▸ **YOUR ASSIGNMENT**: What is wanted is every line below from the one with "unterm 21sten Jenner v. J. von dem" up to and including the one with "so weit sie", retyped exactly, pictures excluded, nothing else.
════════════════════
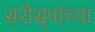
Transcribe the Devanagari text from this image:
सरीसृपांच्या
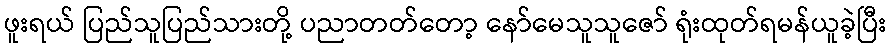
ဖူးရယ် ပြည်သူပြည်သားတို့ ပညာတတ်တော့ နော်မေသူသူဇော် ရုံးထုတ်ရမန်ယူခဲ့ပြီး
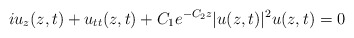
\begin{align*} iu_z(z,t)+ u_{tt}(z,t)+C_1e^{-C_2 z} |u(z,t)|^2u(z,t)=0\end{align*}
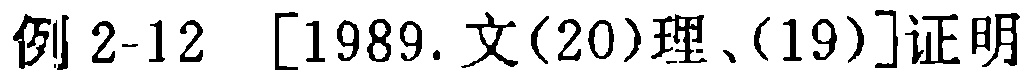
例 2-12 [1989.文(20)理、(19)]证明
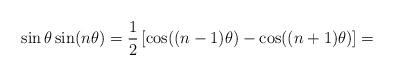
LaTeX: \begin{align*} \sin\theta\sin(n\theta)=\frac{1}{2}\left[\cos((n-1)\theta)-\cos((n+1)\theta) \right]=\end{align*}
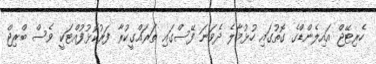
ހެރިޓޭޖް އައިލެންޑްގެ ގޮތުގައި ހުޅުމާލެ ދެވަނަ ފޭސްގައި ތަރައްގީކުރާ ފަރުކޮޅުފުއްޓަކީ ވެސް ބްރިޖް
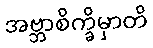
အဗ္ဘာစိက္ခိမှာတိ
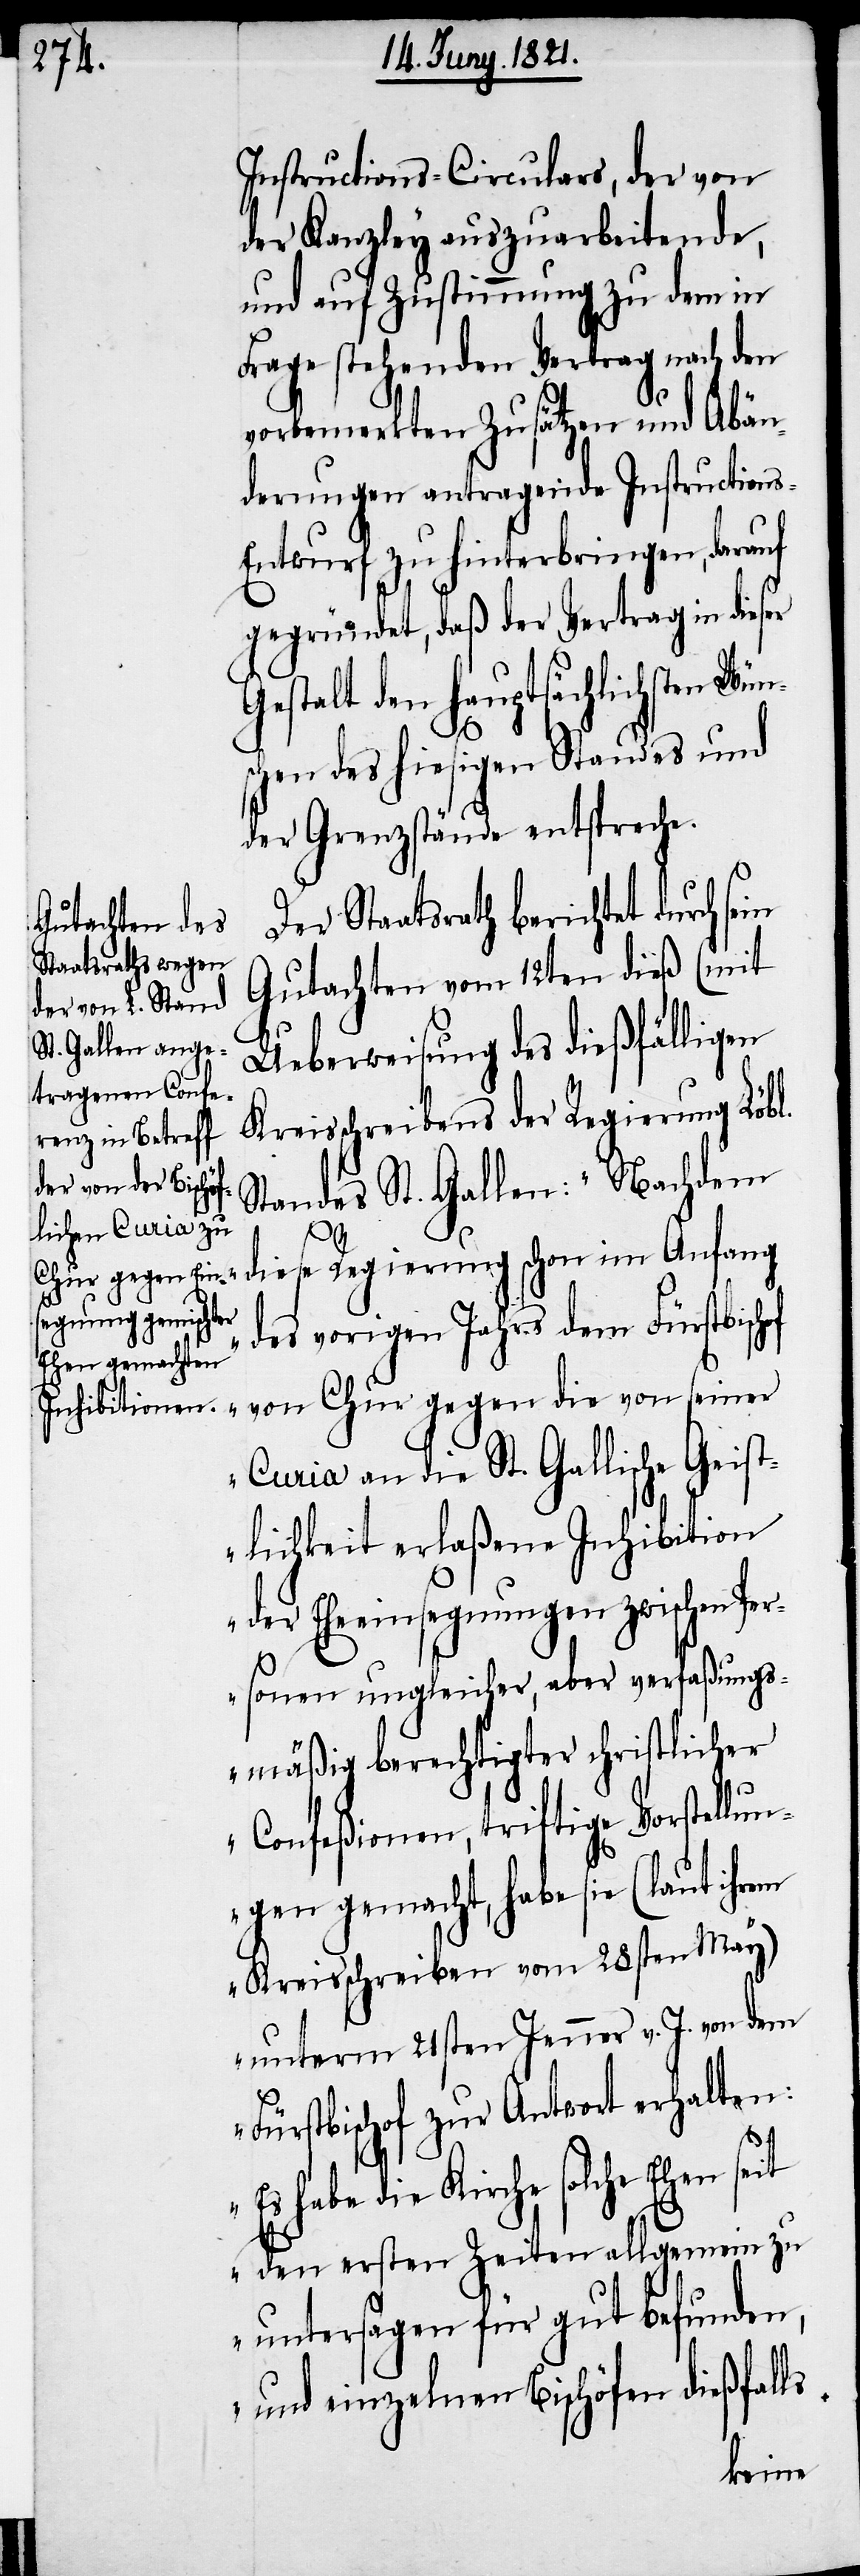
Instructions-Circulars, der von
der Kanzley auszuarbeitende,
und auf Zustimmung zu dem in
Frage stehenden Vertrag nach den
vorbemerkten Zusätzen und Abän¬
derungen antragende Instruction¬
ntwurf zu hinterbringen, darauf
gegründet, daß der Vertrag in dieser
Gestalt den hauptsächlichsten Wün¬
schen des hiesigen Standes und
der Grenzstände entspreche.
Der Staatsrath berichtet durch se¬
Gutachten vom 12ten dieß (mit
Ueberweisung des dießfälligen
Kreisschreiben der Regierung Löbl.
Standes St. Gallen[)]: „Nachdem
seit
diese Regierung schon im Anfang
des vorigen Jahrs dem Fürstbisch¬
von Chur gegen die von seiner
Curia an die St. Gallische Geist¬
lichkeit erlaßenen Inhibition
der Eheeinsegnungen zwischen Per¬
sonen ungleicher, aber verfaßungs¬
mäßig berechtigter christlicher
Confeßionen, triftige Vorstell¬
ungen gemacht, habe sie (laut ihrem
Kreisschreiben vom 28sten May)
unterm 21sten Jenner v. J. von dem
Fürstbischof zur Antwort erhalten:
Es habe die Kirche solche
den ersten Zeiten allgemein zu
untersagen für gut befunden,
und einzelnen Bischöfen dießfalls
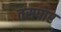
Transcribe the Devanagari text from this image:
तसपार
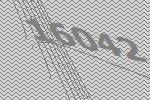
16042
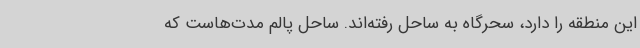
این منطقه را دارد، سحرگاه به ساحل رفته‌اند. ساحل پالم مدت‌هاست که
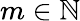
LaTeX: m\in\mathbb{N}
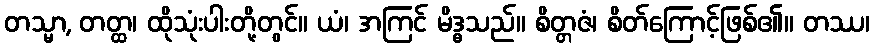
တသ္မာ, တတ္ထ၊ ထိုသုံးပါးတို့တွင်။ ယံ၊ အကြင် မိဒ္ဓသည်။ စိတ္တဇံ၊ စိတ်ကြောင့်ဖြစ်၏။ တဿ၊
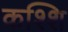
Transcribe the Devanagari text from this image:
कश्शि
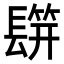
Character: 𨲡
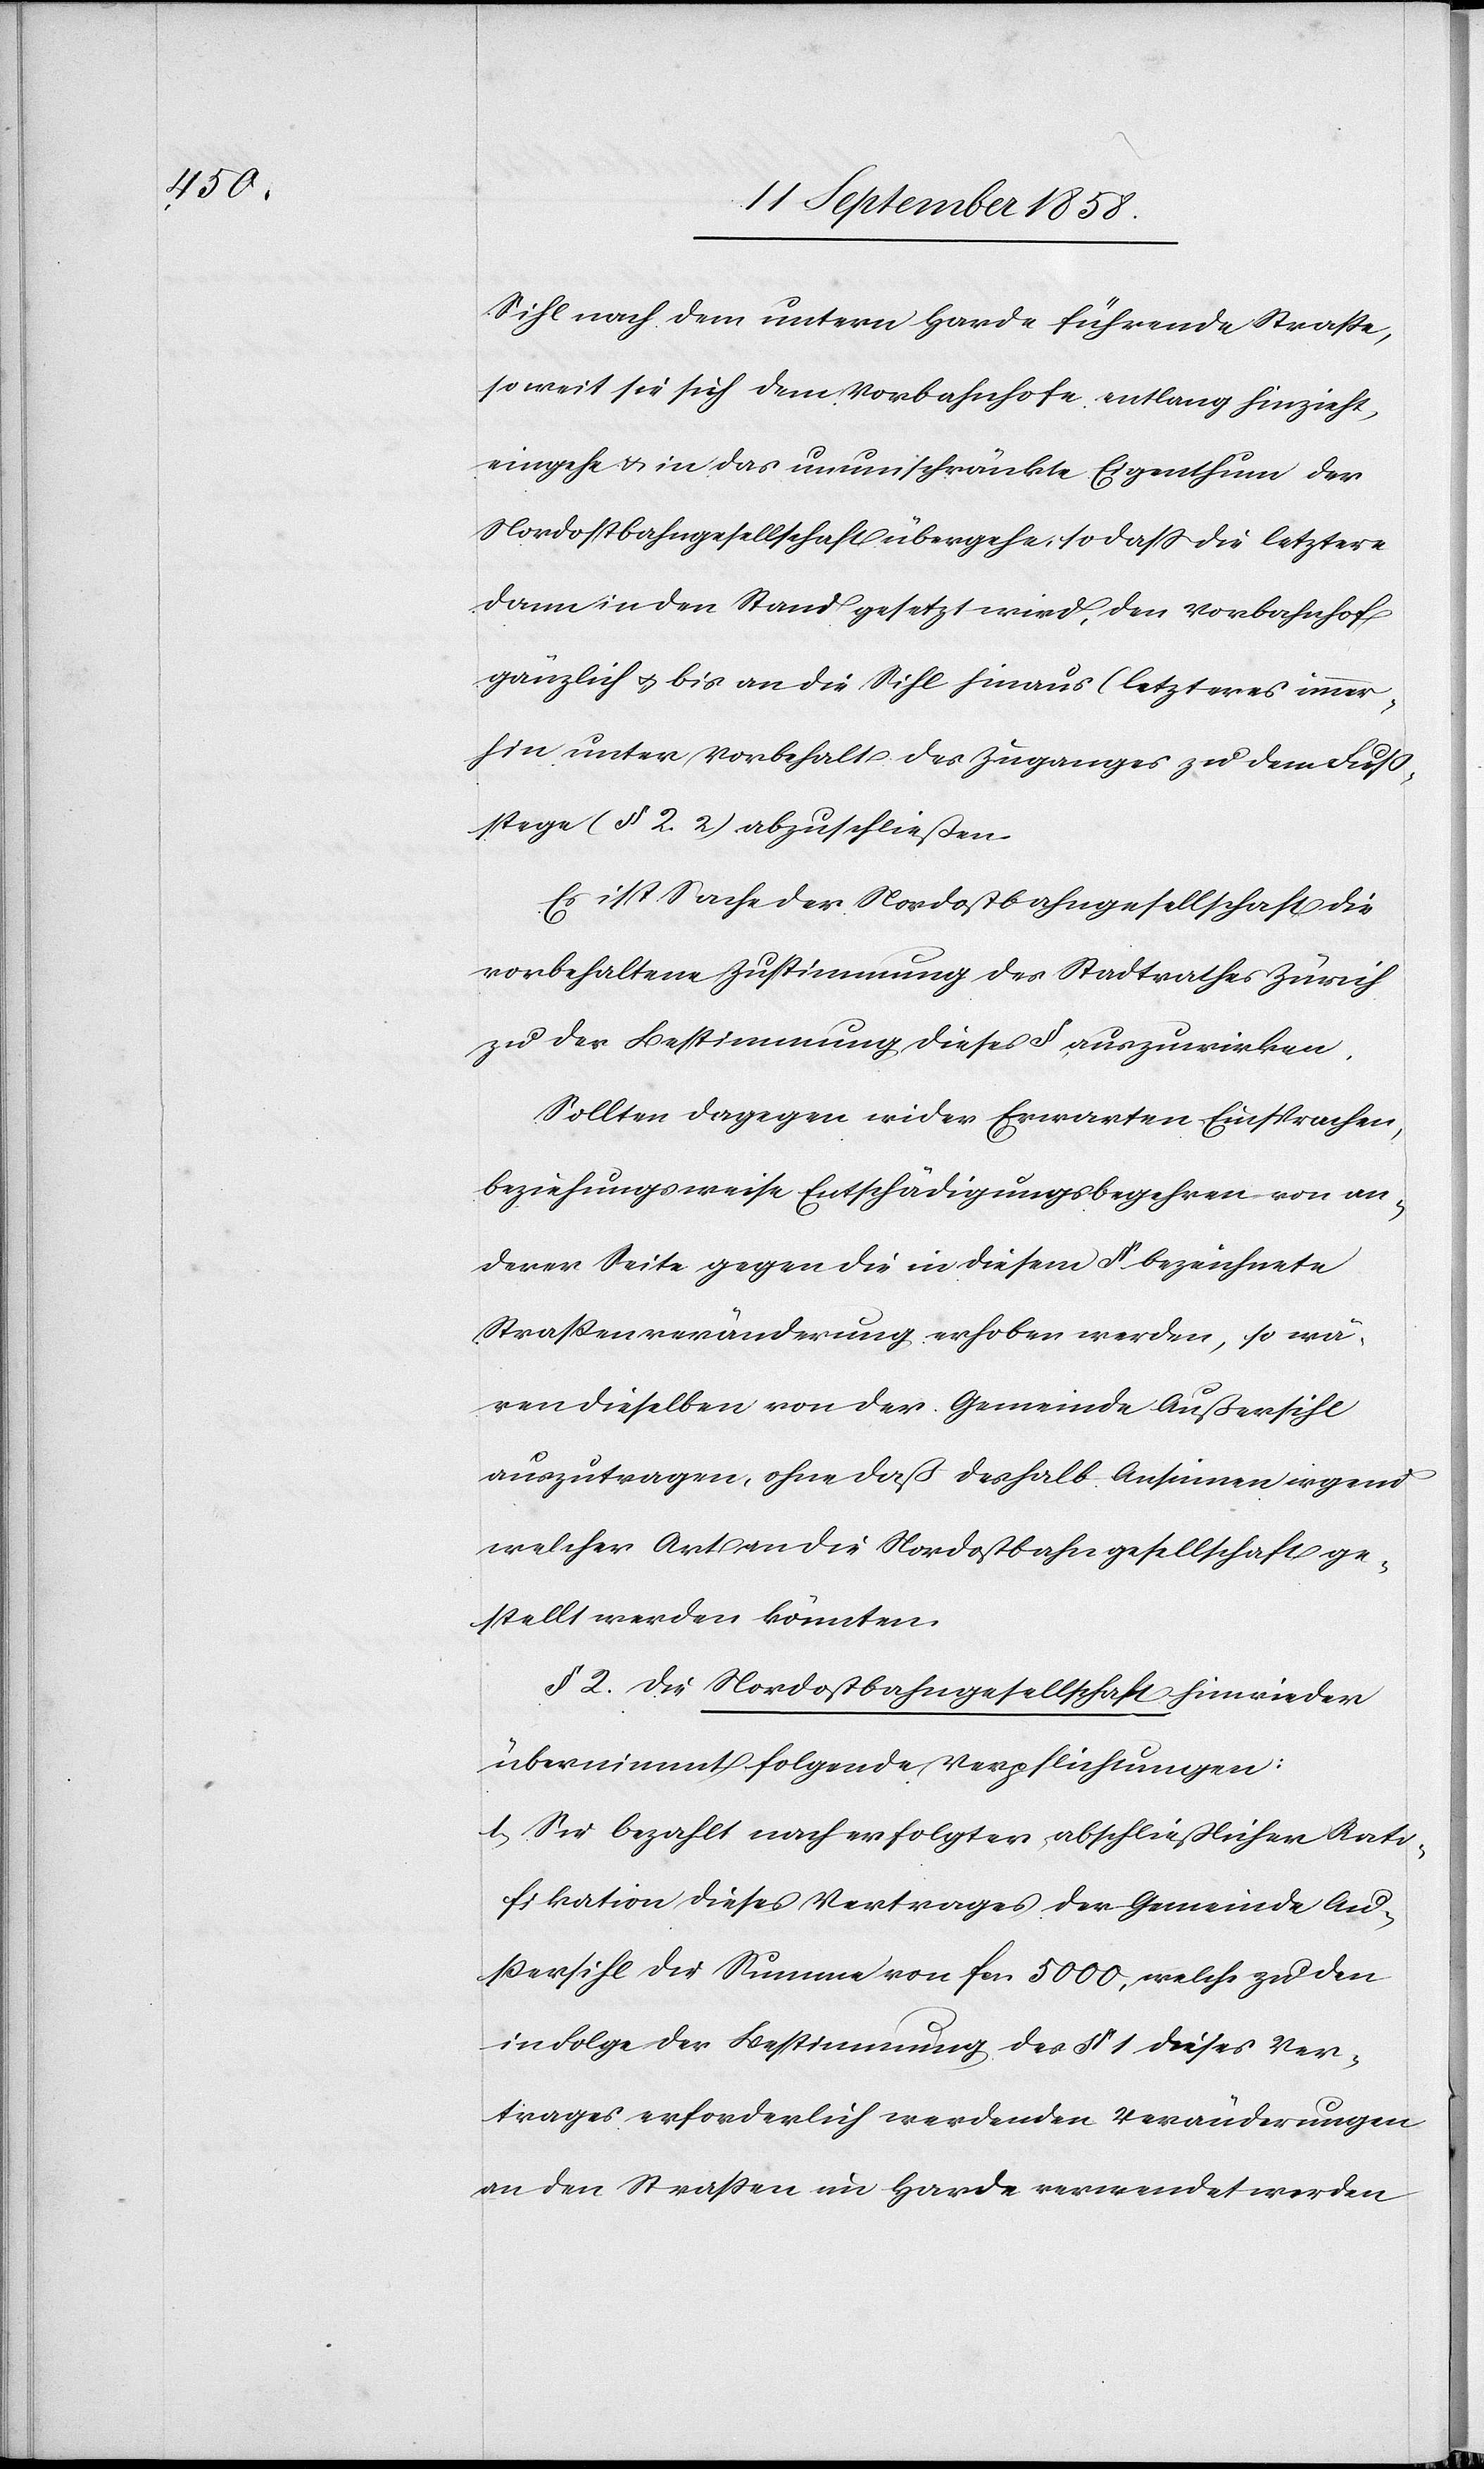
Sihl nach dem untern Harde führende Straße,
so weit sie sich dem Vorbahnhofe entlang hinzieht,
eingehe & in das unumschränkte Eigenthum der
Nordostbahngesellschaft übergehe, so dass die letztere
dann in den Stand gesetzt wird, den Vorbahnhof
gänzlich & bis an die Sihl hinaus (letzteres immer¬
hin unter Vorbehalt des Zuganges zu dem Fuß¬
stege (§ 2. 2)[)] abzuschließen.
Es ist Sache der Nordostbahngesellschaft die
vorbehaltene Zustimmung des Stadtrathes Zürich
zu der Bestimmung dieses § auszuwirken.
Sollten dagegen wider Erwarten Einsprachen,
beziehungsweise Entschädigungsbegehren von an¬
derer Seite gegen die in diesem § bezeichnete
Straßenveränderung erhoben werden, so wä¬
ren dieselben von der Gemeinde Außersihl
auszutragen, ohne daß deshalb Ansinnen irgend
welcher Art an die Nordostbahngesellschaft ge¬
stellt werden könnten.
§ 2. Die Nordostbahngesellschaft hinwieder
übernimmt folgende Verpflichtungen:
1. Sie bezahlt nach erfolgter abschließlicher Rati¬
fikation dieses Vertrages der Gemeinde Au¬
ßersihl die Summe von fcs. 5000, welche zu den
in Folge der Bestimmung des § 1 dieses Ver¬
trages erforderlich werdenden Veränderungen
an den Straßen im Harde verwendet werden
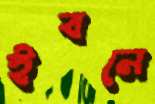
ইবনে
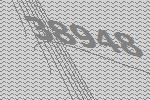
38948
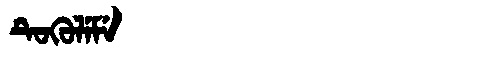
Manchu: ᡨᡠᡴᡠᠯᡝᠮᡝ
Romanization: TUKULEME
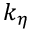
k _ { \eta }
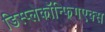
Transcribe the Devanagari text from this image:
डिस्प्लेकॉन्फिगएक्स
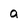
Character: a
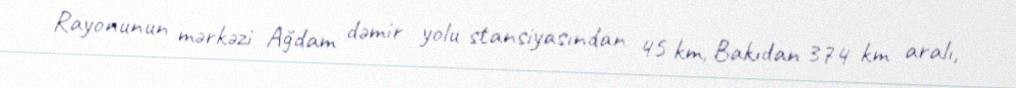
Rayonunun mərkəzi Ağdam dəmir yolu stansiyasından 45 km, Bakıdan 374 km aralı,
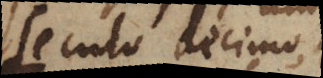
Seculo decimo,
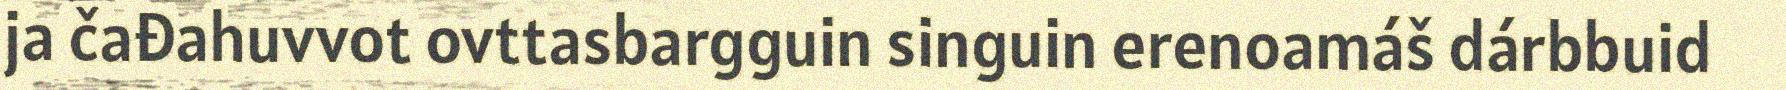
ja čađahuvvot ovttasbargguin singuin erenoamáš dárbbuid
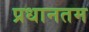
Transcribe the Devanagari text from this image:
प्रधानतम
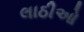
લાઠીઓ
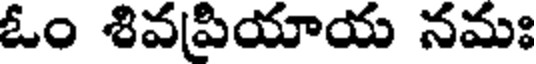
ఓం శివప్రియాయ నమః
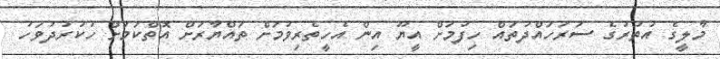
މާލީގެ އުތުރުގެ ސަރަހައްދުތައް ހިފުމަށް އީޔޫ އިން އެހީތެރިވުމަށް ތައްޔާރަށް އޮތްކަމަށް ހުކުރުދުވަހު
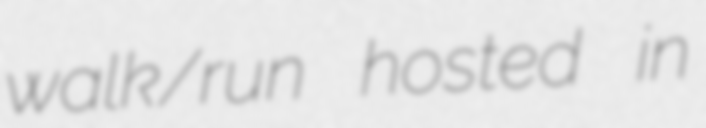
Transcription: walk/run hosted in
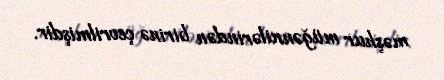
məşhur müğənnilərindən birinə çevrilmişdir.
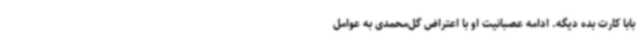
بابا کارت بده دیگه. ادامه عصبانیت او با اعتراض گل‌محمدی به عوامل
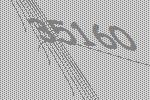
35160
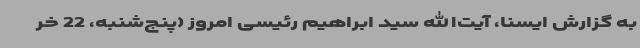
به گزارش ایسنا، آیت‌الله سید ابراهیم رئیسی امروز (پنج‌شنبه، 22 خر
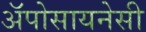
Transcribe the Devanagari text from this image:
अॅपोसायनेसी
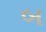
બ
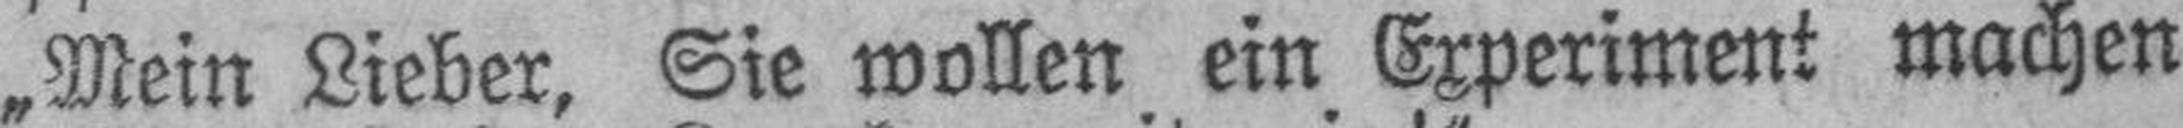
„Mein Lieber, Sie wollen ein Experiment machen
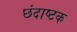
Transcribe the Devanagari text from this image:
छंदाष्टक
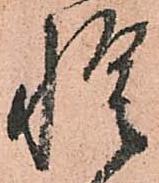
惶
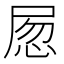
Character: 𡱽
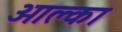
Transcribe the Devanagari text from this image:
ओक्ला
════════════════════
▸ **TASK SOLUTION**:
unterm 21sten Jenner v. J. von dem
Fürstbischof zur Antwort erhalten:
Es habe die Kirche solche
den ersten Zeiten allgemein zu
untersagen für gut befunden,
und einzelnen Bischöfen dießfalls
Transcribe the Devanagari text from this image:
तसपार
16042
این منطقه را دارد، سحرگاه به ساحل رفته‌اند. ساحل پالم مدت‌هاست که
LaTeX: m\in\mathbb{N}
တသ္မာ, တတ္ထ၊ ထိုသုံးပါးတို့တွင်။ ယံ၊ အကြင် မိဒ္ဓသည်။ စိတ္တဇံ၊ စိတ်ကြောင့်ဖြစ်၏။ တဿ၊
Transcribe the Devanagari text from this image:
कश्शि
Character: 𨲡
Sihl nach dem untern Harde führende Straße,
so weit sie sich dem Vorbahnhofe entlang hinzieht,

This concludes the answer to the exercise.